To do: Once the pictures are set aside, print the records that follow exactly as written.

+--

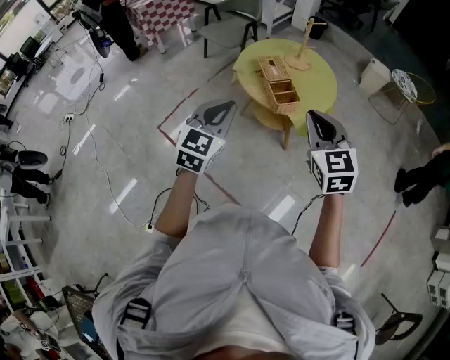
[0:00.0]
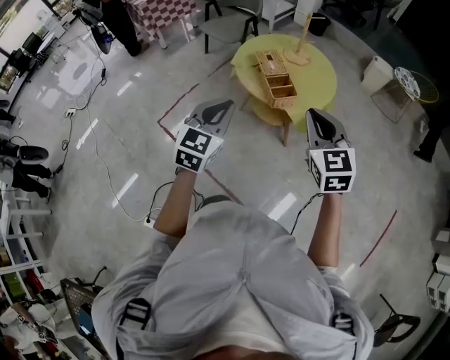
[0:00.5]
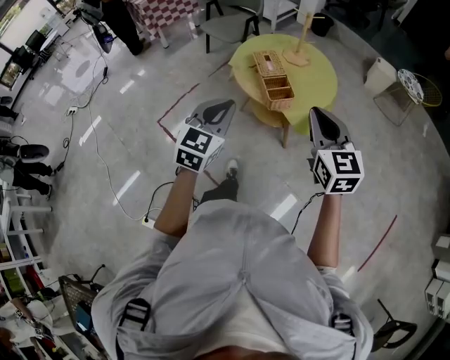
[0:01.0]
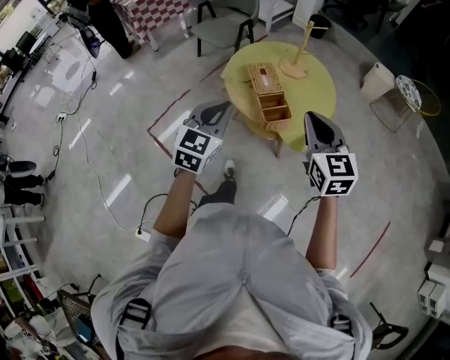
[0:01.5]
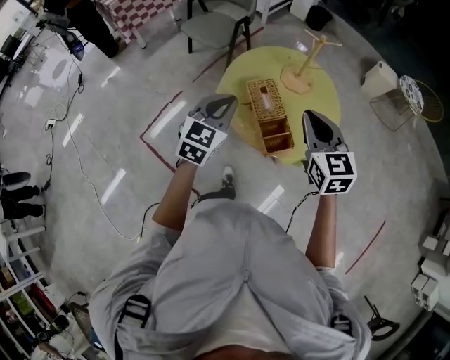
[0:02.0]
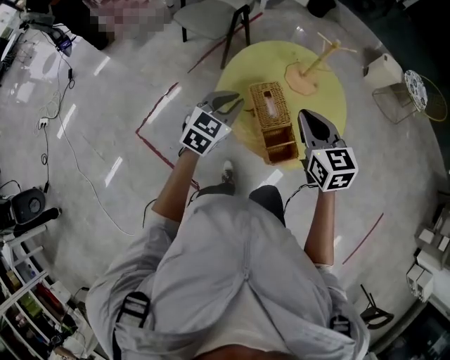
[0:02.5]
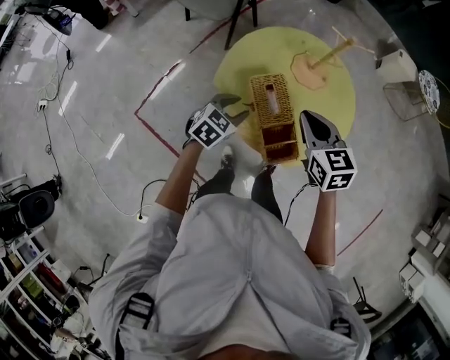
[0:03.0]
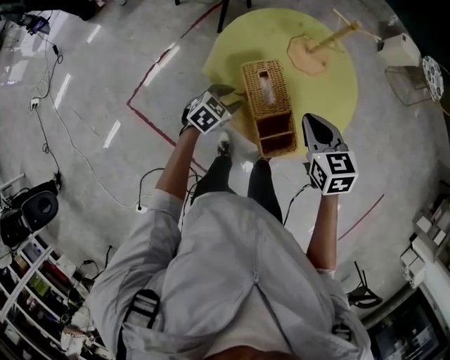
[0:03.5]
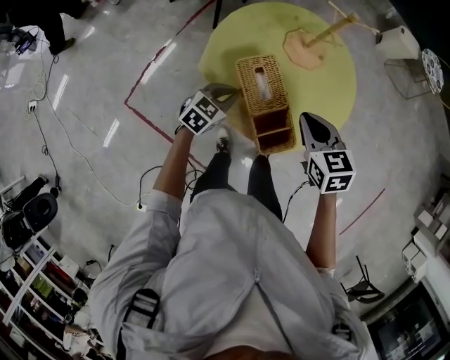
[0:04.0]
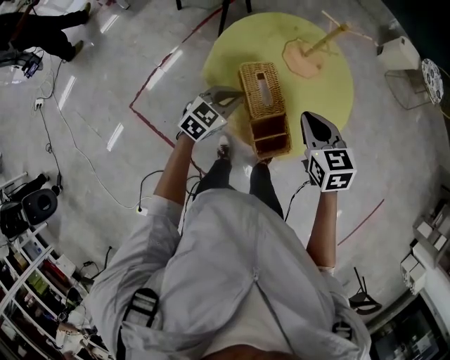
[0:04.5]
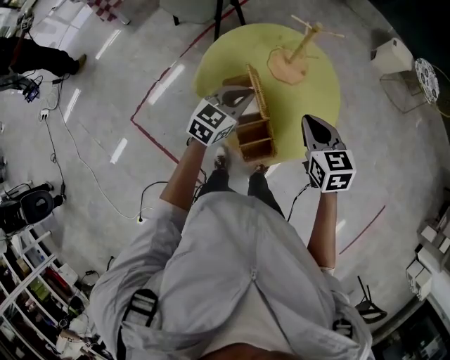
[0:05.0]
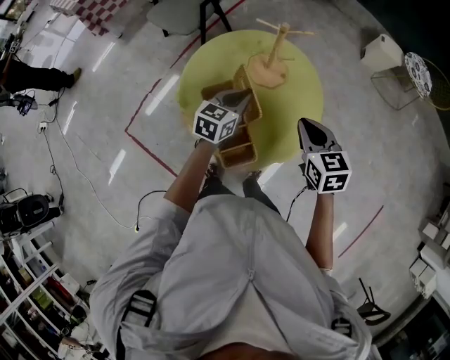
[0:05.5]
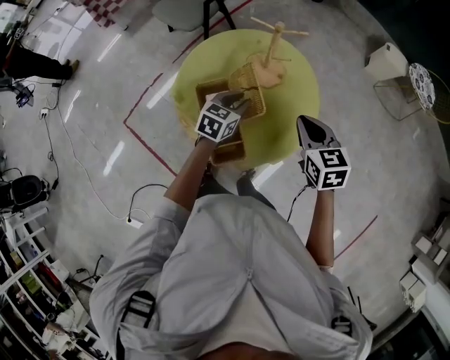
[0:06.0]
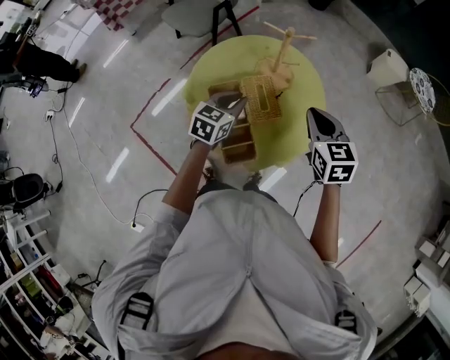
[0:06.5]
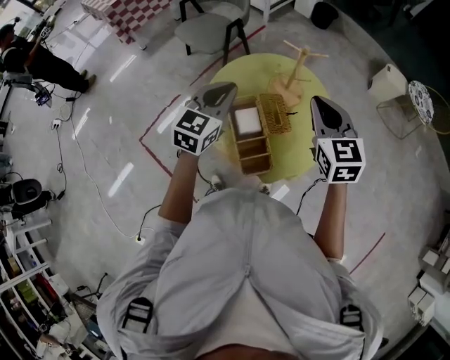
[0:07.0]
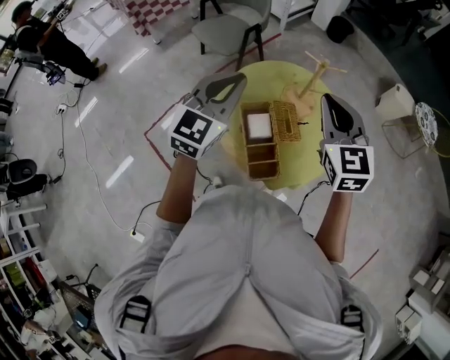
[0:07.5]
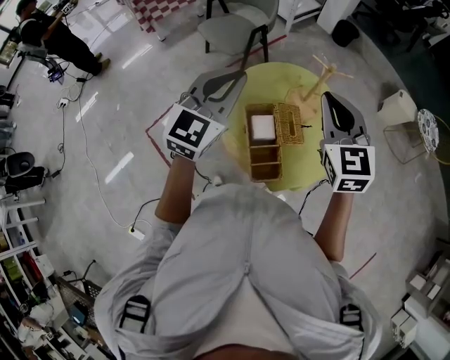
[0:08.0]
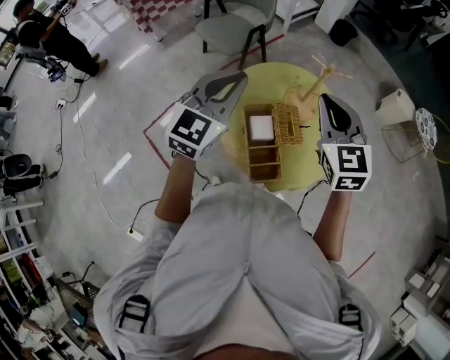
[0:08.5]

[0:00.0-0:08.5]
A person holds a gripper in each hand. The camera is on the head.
0:00.0 to 0:02.0: The grippers both shift forward by about 30 cm.
0:02.0 to 0:04.0: The right gripper heads downward and forward, covering about 20 cm, and turns by approximately 30 degrees; the left gripper travels downward by about 25 cm, turns by some 30 degrees, and opens, then closes once more.
0:04.0 to 0:06.5: The left gripper is displaced upward, to the right and forward by about 20 cm, and changes its angle by about 20 degrees. Meanwhile the right gripper shifts about 15 cm to the right, upward and forward.
0:06.5 to 0:08.5: The two grippers go some 25 cm upward and to the left. The left gripper rotates approximately 30 degrees, while the right gripper swivels roughly 20 degrees.

+--

Response below:
[0:00.0]
[0:00.5]
[0:01.0]
[0:01.5]
[0:02.0]
[0:02.5]
[0:03.0]
[0:03.5]
[0:04.0]
[0:04.5]
[0:05.0]
[0:05.5]
[0:06.0]
[0:06.5]
[0:07.0]
[0:07.5]
[0:08.0]
[0:08.5]

[0:00.0-0:08.5]
A person holds a gripper in each hand. The camera is on the head.
0:00.0 to 0:02.0: The grippers both shift forward by about 30 cm.
0:02.0 to 0:04.0: The right gripper heads downward and forward, covering about 20 cm, and turns by approximately 30 degrees; the left gripper travels downward by about 25 cm, turns by some 30 degrees, and opens, then closes once more.
0:04.0 to 0:06.5: The left gripper is displaced upward, to the right and forward by about 20 cm, and changes its angle by about 20 degrees. Meanwhile the right gripper shifts about 15 cm to the right, upward and forward.
0:06.5 to 0:08.5: The two grippers go some 25 cm upward and to the left. The left gripper rotates approximately 30 degrees, while the right gripper swivels roughly 20 degrees.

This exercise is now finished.